[[ Input records, beginning ]]
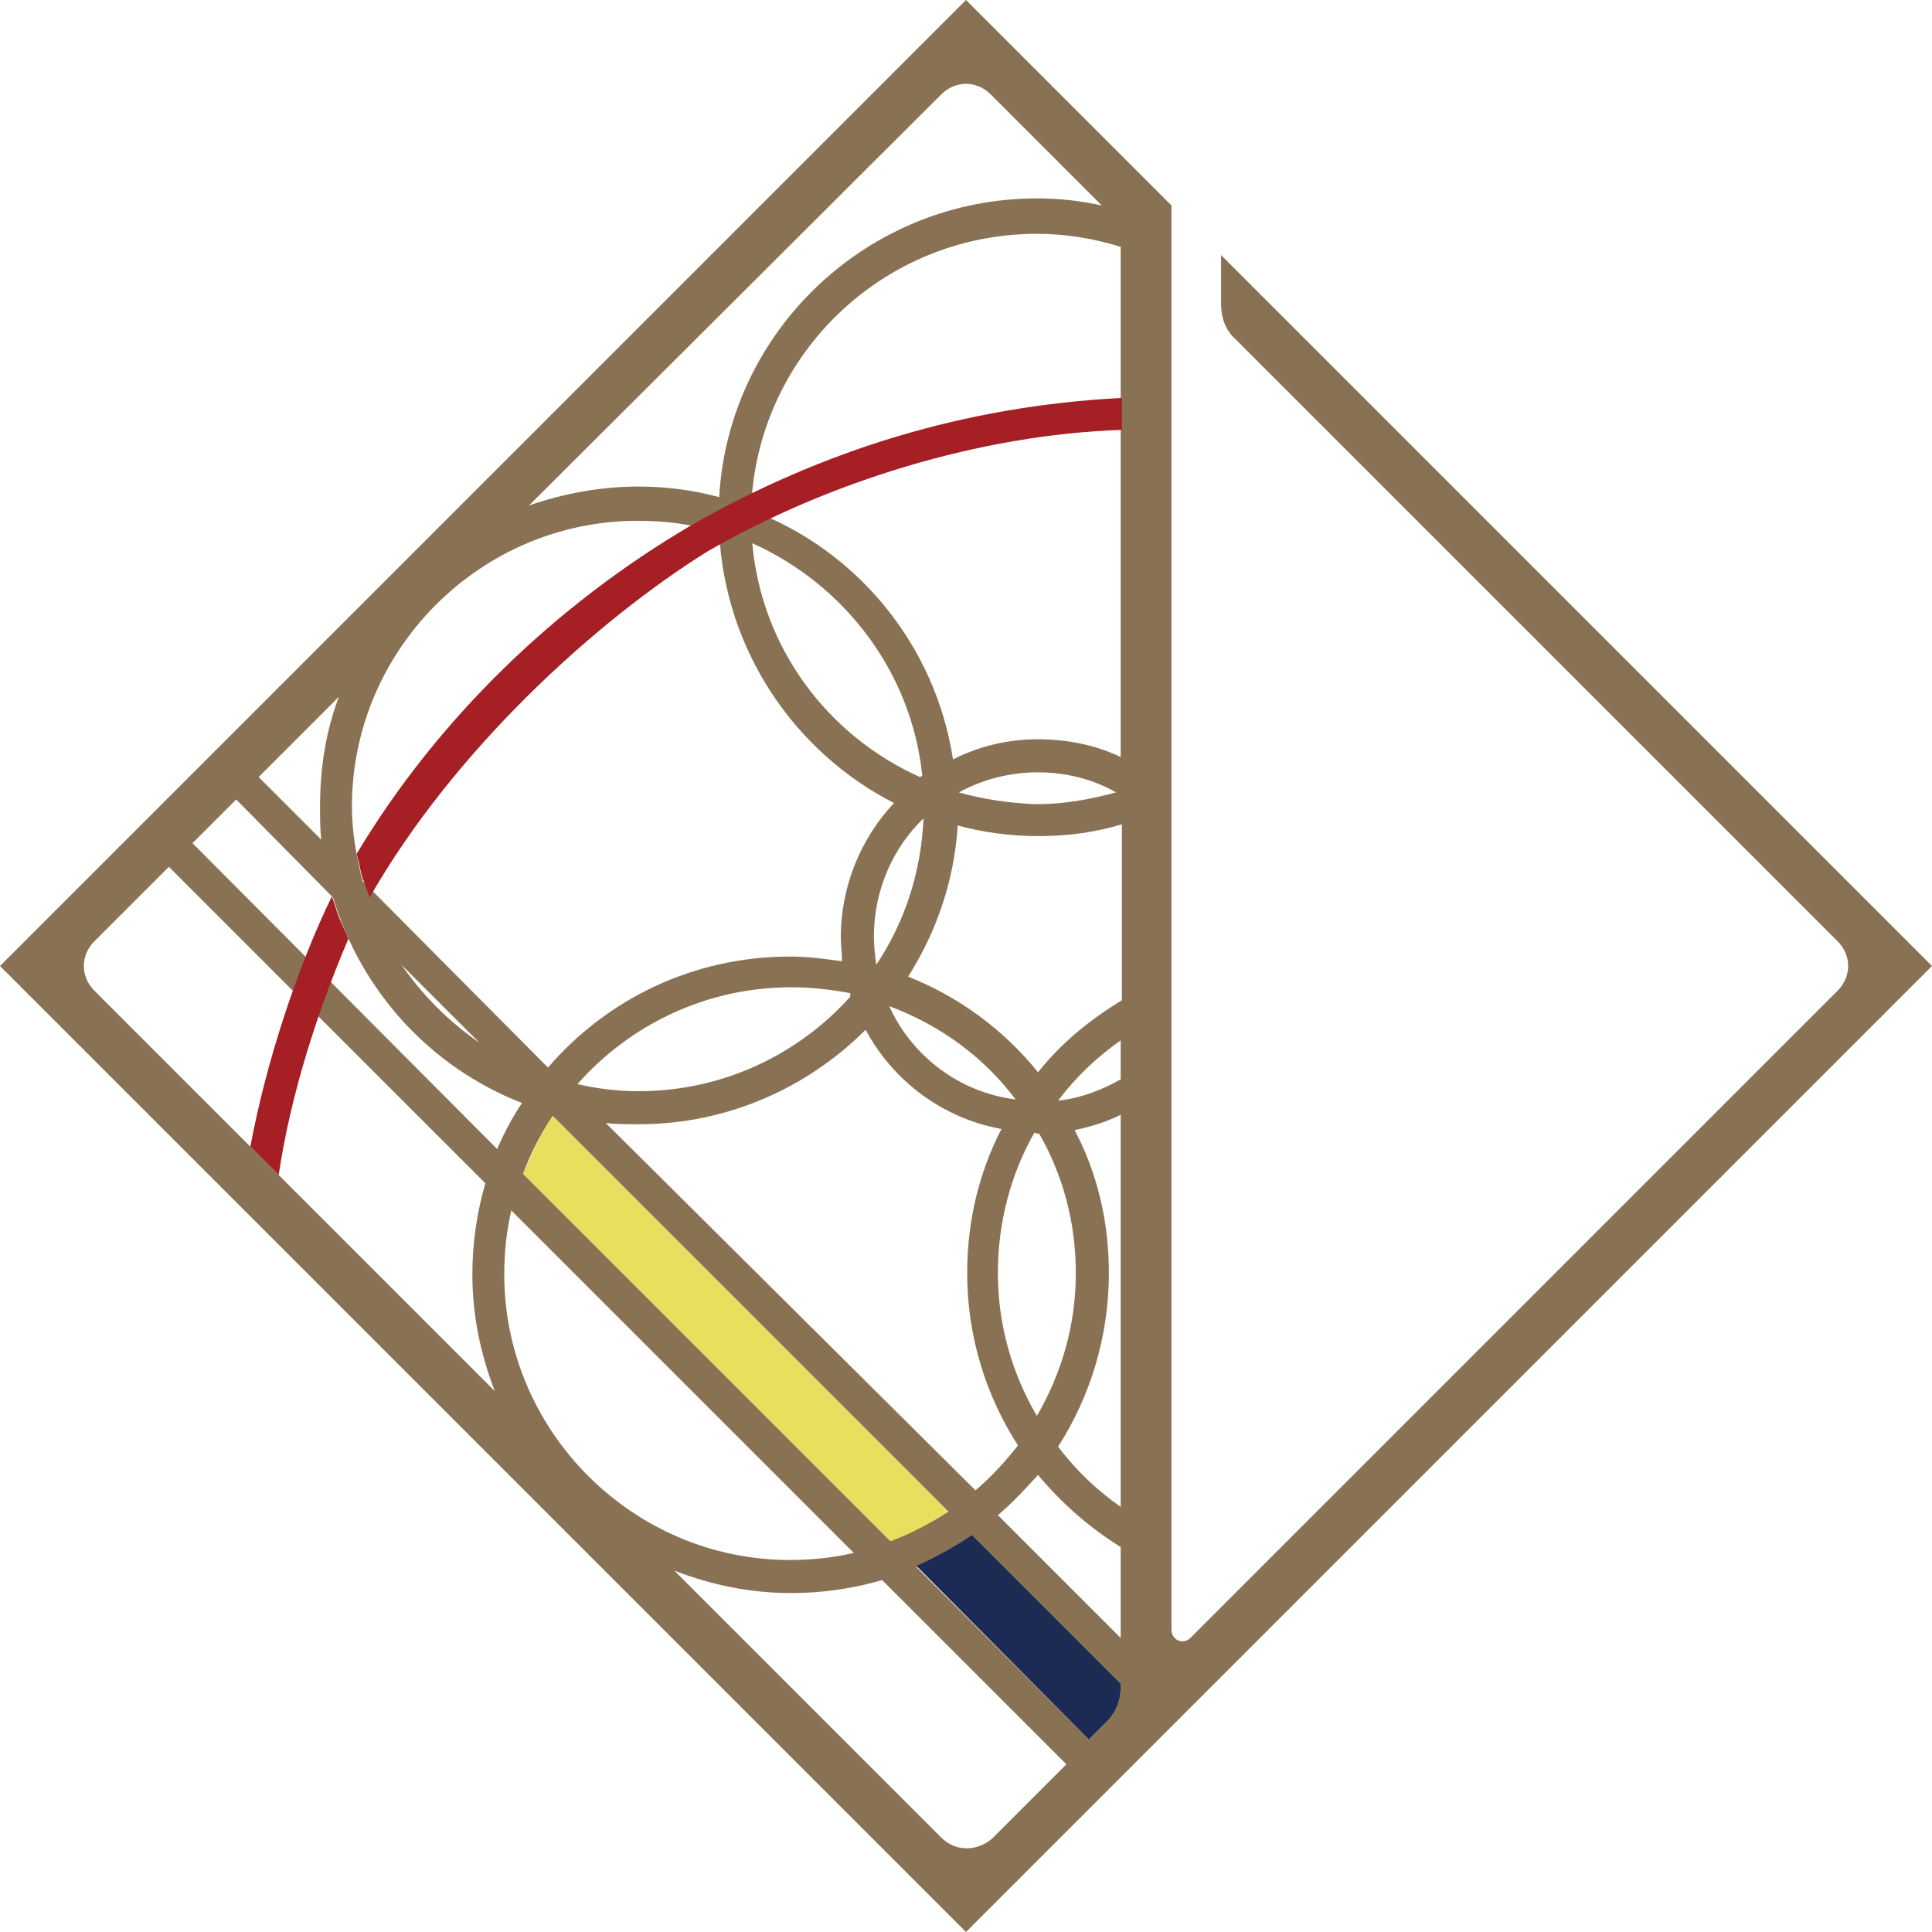 <?xml version="1.0" encoding="utf-8"?>
<!-- Generator: Adobe Illustrator 16.0.5, SVG Export Plug-In . SVG Version: 6.00 Build 0)  -->
<!DOCTYPE svg PUBLIC "-//W3C//DTD SVG 1.1//EN" "http://www.w3.org/Graphics/SVG/1.1/DTD/svg11.dtd">
<svg version="1.1" id="レイヤー_1" xmlns="http://www.w3.org/2000/svg" xmlns:xlink="http://www.w3.org/1999/xlink" x="0px"
	 y="0px" width="163.6px" height="163.6px" viewBox="0 0 163.6 163.6" style="enable-background:new 0 0 163.6 163.6;"
	 xml:space="preserve">
<style type="text/css">
<![CDATA[
	.st0{fill:#E8DF5E;}
	.st1{fill:#1B2B53;}
	.st2{fill:#897253;}
	.st3{fill:#A51F24;}
]]>
</style>
<path class="st2" d="M103.4,21.6v4.2c0,1.1,0.4,2.2,1.2,2.9l51,51c1.2,1.2,1.2,3,0,4.2l-54.8,54.8c-0.6,0.6-1.6,0.2-1.6-0.7V91.7
	v-4.1V71v-4.1V23.3v-5.9L81.8,0L0,81.8l81.8,81.8l81.8-81.8L103.4,21.6z M42.7,107.9c0-1.9,0.2-3.7,0.6-5.4l29,29
	c-1.7,0.4-3.6,0.6-5.4,0.6C53.6,132.1,42.7,121.2,42.7,107.9 M44.3,99.4c0.6-1.7,1.5-3.4,2.5-4.9L80.3,128c-1.5,1-3.2,1.8-4.9,2.5
	L44.3,99.4z M60.9,45.1c0.5,10,6.4,18.6,14.8,22.9c-2.8,3-4.5,7-4.5,11.4c0,0.7,0.1,1.3,0.1,2c-1.4-0.2-2.9-0.4-4.4-0.4
	c-8.2,0-15.5,3.6-20.5,9.4L30.7,74.6c-0.5-2-0.9-4.1-0.9-6.3c0-13.3,10.9-24.2,24.2-24.2C56.4,44.1,58.7,44.4,60.9,45.1 M88,96
	c2,3.5,3.1,7.5,3.1,11.8c0,4.4-1.2,8.5-3.3,12.1c-2.1-3.6-3.3-7.7-3.3-12.1c0-4.3,1.1-8.4,3.1-11.9C87.8,96,87.9,96,88,96
	C88,96,88,96,88,96 M72,84.4c-4.4,4.9-10.8,8-17.9,8c-1.8,0-3.5-0.2-5.2-0.6c4.4-5,10.9-8.2,18.1-8.2c1.7,0,3.4,0.2,5,0.5
	C72,84.3,72,84.3,72,84.4 M78.2,69.3c-0.2,4.6-1.6,8.8-4,12.4c-0.1-0.8-0.2-1.6-0.2-2.4C74,75.4,75.6,71.8,78.2,69.3 M87.9,90.8
	c-2.9-3.6-6.7-6.4-11-8.1c2.4-3.8,3.9-8.1,4.2-12.8c2.2,0.6,4.5,0.9,6.8,0.9c2.5,0,4.8-0.3,7.1-1v14.9
	C92.2,86.4,89.8,88.4,87.9,90.8 M94.9,88.1v3.3c-1.6,0.9-3.4,1.6-5.3,1.8C91.1,91.2,92.9,89.5,94.9,88.1 M86,93.1
	c-4.8-0.6-8.8-3.7-10.7-7.9C79.6,86.8,83.3,89.5,86,93.1 M81.2,67.1c2-1.1,4.3-1.7,6.7-1.7c2.4,0,4.7,0.6,6.6,1.7
	c-2.2,0.6-4.4,1-6.8,1C85.5,68,83.3,67.7,81.2,67.1 M94.9,64.1c-2.1-1-4.5-1.5-7-1.5c-2.6,0-5,0.6-7.2,1.7
	c-1.5-9.7-8.1-17.7-17.1-21.1c0.4-13,11.1-23.4,24.2-23.4c2.5,0,4.8,0.4,7.1,1.1V64.1z M78.1,65.7c-0.1,0-0.1,0.1-0.2,0.1
	c-7.8-3.5-13.4-10.9-14.2-19.8C71.5,49.5,77.2,56.9,78.1,65.7 M40.6,88.3c-2.6-1.8-4.8-4-6.6-6.6L40.6,88.3z M27.2,71.1l-5.3-5.3
	l6.8-6.8c-1.1,2.9-1.6,6-1.6,9.3C27.1,69.2,27.1,70.1,27.2,71.1 M28.2,76c2.4,8,8.3,14.4,16,17.4c-0.8,1.2-1.5,2.5-2.1,3.9
	L16.3,71.4l3.7-3.7L28.2,76L28.2,76z M51.3,95.1c0.9,0.1,1.9,0.1,2.8,0.1c7.5,0,14.3-3.1,19.2-8c2.3,4.3,6.5,7.5,11.5,8.4
	c-1.9,3.7-2.9,7.8-2.9,12.2c0,5.4,1.6,10.4,4.3,14.6c-1.1,1.4-2.3,2.7-3.6,3.8L51.3,95.1z M87.9,124.9c2,2.4,4.4,4.5,7,6.1v7.7
	l-10.4-10.4C85.7,127.3,86.8,126.1,87.9,124.9 M89.6,122.5c2.7-4.2,4.3-9.3,4.3-14.7c0-4.4-1-8.5-2.9-12.1c1.4-0.3,2.7-0.7,3.9-1.3
	v33.2C92.9,126.2,91.1,124.5,89.6,122.5 M83.9,8l9.4,9.4c-1.8-0.4-3.6-0.6-5.5-0.6c-14.3,0-26.1,11.2-26.9,25.3
	c-2.2-0.6-4.5-0.9-6.8-0.9c-3.3,0-6.4,0.6-9.3,1.6L79.7,8C80.9,6.8,82.7,6.8,83.9,8 M8,79.7l6.3-6.3l26.8,26.8
	c-0.7,2.4-1.1,5-1.1,7.7c0,3.5,0.7,6.8,1.9,9.9L8,83.9C6.8,82.7,6.8,80.9,8,79.7 M79.7,155.6L57.1,133c3.1,1.2,6.4,1.9,9.9,1.9
	c2.7,0,5.3-0.4,7.7-1.1l15.6,15.6l-6.3,6.3C82.7,156.8,80.9,156.8,79.7,155.6 M94.9,142.9c0,1.1-0.4,2.1-1.2,2.9l-1.5,1.5
	l-14.6-14.6c1.7-0.7,3.3-1.6,4.7-2.6l12.6,12.6V142.9z"/>
<path class="st3" d="M94.9,33.7c-13.2,0.7-25.2,4.4-36.4,10.8c-11.4,6.7-21.4,16.3-28.3,27.8c0,0,0.1,0.4,0.2,0.8
	c0.1,0.5,0.3,1.4,0.4,1.5l0.5,1.4c7.2-12.6,19.3-23.5,28.6-29.3c10.2-5.9,23.1-9.9,35.1-10.3V33.7z"/>
<path class="st3" d="M23.6,99.5c1-6.8,3.3-13.9,5.9-20c-0.1-0.3-0.5-1.1-0.7-1.6c-0.2-0.4-0.6-1.8-0.7-2l0,0
	c-3,6.2-5.6,14.2-6.9,21.2L23.6,99.5z"/>
<path class="st1" d="M92.2,147.3l1.5-1.5c0.8-0.8,1.2-1.8,1.2-2.9v-0.3L82.3,130c-1.5,1-3.1,1.9-4.7,2.6L92.2,147.3z"/>
<path class="st0" d="M80.3,128L46.8,94.5c-1,1.5-1.8,3.2-2.5,4.9l31.1,31.1C77.1,129.9,78.7,129,80.3,128"/>
</svg>
[[ Input records, end ]]
_Task description_
Everything in the listing is to be returned word for word, except the pictures.

_Solution below_
 <?xml version="1.0" encoding="utf-8"?>
<!-- Generator: Adobe Illustrator 16.0.5, SVG Export Plug-In . SVG Version: 6.00 Build 0)  -->
<!DOCTYPE svg PUBLIC "-//W3C//DTD SVG 1.1//EN" "http://www.w3.org/Graphics/SVG/1.1/DTD/svg11.dtd">
<svg version="1.1" id="レイヤー_1" xmlns="http://www.w3.org/2000/svg" xmlns:xlink="http://www.w3.org/1999/xlink" x="0px"
	 y="0px" width="163.6px" height="163.6px" viewBox="0 0 163.6 163.6" style="enable-background:new 0 0 163.6 163.6;"
	 xml:space="preserve">
<style type="text/css">
<![CDATA[
	.st0{fill:#E8DF5E;}
	.st1{fill:#1B2B53;}
	.st2{fill:#897253;}
	.st3{fill:#A51F24;}
]]>
</style>
<path class="st2" d="M103.4,21.6v4.2c0,1.1,0.4,2.2,1.2,2.9l51,51c1.2,1.2,1.2,3,0,4.2l-54.8,54.8c-0.6,0.6-1.6,0.2-1.6-0.7V91.7
	v-4.1V71v-4.1V23.3v-5.9L81.8,0L0,81.8l81.8,81.8l81.8-81.8L103.4,21.6z M42.7,107.9c0-1.9,0.2-3.7,0.6-5.4l29,29
	c-1.7,0.4-3.6,0.6-5.4,0.6C53.6,132.1,42.7,121.2,42.7,107.9 M44.3,99.4c0.6-1.7,1.5-3.4,2.5-4.9L80.3,128c-1.5,1-3.2,1.8-4.9,2.5
	L44.3,99.4z M60.9,45.1c0.5,10,6.4,18.6,14.8,22.9c-2.8,3-4.5,7-4.5,11.4c0,0.7,0.1,1.3,0.1,2c-1.4-0.2-2.9-0.4-4.4-0.4
	c-8.2,0-15.5,3.6-20.5,9.4L30.7,74.6c-0.5-2-0.9-4.1-0.9-6.3c0-13.3,10.9-24.2,24.2-24.2C56.4,44.1,58.7,44.4,60.9,45.1 M88,96
	c2,3.5,3.1,7.5,3.1,11.8c0,4.4-1.2,8.5-3.3,12.1c-2.1-3.6-3.3-7.7-3.3-12.1c0-4.3,1.1-8.4,3.1-11.9C87.8,96,87.9,96,88,96
	C88,96,88,96,88,96 M72,84.4c-4.4,4.9-10.8,8-17.9,8c-1.8,0-3.5-0.2-5.2-0.6c4.4-5,10.9-8.2,18.1-8.2c1.7,0,3.4,0.2,5,0.5
	C72,84.3,72,84.3,72,84.4 M78.2,69.3c-0.2,4.6-1.6,8.8-4,12.4c-0.1-0.8-0.2-1.6-0.2-2.4C74,75.4,75.6,71.8,78.2,69.3 M87.9,90.8
	c-2.9-3.6-6.7-6.4-11-8.1c2.4-3.8,3.9-8.1,4.2-12.8c2.2,0.6,4.5,0.9,6.8,0.9c2.5,0,4.8-0.3,7.1-1v14.9
	C92.2,86.4,89.8,88.4,87.9,90.8 M94.9,88.1v3.3c-1.6,0.9-3.4,1.6-5.3,1.8C91.1,91.2,92.9,89.5,94.9,88.1 M86,93.1
	c-4.8-0.6-8.8-3.7-10.7-7.9C79.6,86.8,83.3,89.5,86,93.1 M81.2,67.1c2-1.1,4.3-1.7,6.7-1.7c2.4,0,4.7,0.6,6.6,1.7
	c-2.2,0.6-4.4,1-6.8,1C85.5,68,83.3,67.7,81.2,67.1 M94.9,64.1c-2.1-1-4.5-1.5-7-1.5c-2.6,0-5,0.6-7.2,1.7
	c-1.5-9.7-8.1-17.7-17.1-21.1c0.4-13,11.1-23.4,24.2-23.4c2.5,0,4.8,0.4,7.1,1.1V64.1z M78.1,65.7c-0.1,0-0.1,0.1-0.2,0.1
	c-7.8-3.5-13.4-10.9-14.2-19.8C71.5,49.5,77.2,56.9,78.1,65.7 M40.6,88.3c-2.6-1.8-4.8-4-6.6-6.6L40.6,88.3z M27.2,71.1l-5.3-5.3
	l6.8-6.8c-1.1,2.9-1.6,6-1.6,9.3C27.1,69.2,27.1,70.1,27.2,71.1 M28.2,76c2.4,8,8.3,14.4,16,17.4c-0.8,1.2-1.5,2.5-2.1,3.9
	L16.3,71.4l3.7-3.7L28.2,76L28.2,76z M51.3,95.1c0.9,0.1,1.9,0.1,2.8,0.1c7.5,0,14.3-3.1,19.2-8c2.3,4.3,6.5,7.5,11.5,8.4
	c-1.9,3.7-2.9,7.8-2.9,12.2c0,5.4,1.6,10.4,4.3,14.6c-1.1,1.4-2.3,2.7-3.6,3.8L51.3,95.1z M87.9,124.9c2,2.4,4.4,4.5,7,6.1v7.7
	l-10.4-10.4C85.7,127.3,86.8,126.1,87.9,124.9 M89.6,122.5c2.7-4.2,4.3-9.3,4.3-14.7c0-4.4-1-8.5-2.9-12.1c1.4-0.3,2.7-0.7,3.9-1.3
	v33.2C92.9,126.2,91.1,124.5,89.6,122.5 M83.9,8l9.4,9.4c-1.8-0.4-3.6-0.6-5.5-0.6c-14.3,0-26.1,11.2-26.9,25.3
	c-2.2-0.6-4.5-0.9-6.8-0.9c-3.3,0-6.4,0.6-9.3,1.6L79.7,8C80.9,6.8,82.7,6.8,83.9,8 M8,79.7l6.3-6.3l26.8,26.8
	c-0.7,2.4-1.1,5-1.1,7.7c0,3.5,0.7,6.8,1.9,9.9L8,83.9C6.8,82.7,6.8,80.9,8,79.7 M79.7,155.6L57.1,133c3.1,1.2,6.4,1.9,9.9,1.9
	c2.7,0,5.3-0.4,7.7-1.1l15.6,15.6l-6.3,6.3C82.7,156.8,80.9,156.8,79.7,155.6 M94.9,142.9c0,1.1-0.4,2.1-1.2,2.9l-1.5,1.5
	l-14.6-14.6c1.7-0.7,3.3-1.6,4.7-2.6l12.6,12.6V142.9z"/>
<path class="st3" d="M94.9,33.7c-13.2,0.7-25.2,4.4-36.4,10.8c-11.4,6.7-21.4,16.3-28.3,27.8c0,0,0.1,0.4,0.2,0.8
	c0.1,0.5,0.3,1.4,0.4,1.5l0.5,1.4c7.2-12.6,19.3-23.5,28.6-29.3c10.2-5.9,23.1-9.9,35.1-10.3V33.7z"/>
<path class="st3" d="M23.6,99.5c1-6.8,3.3-13.9,5.9-20c-0.1-0.3-0.5-1.1-0.7-1.6c-0.2-0.4-0.6-1.8-0.7-2l0,0
	c-3,6.2-5.6,14.2-6.9,21.2L23.6,99.5z"/>
<path class="st1" d="M92.2,147.3l1.5-1.5c0.8-0.8,1.2-1.8,1.2-2.9v-0.3L82.3,130c-1.5,1-3.1,1.9-4.7,2.6L92.2,147.3z"/>
<path class="st0" d="M80.3,128L46.8,94.5c-1,1.5-1.8,3.2-2.5,4.9l31.1,31.1C77.1,129.9,78.7,129,80.3,128"/>
</svg>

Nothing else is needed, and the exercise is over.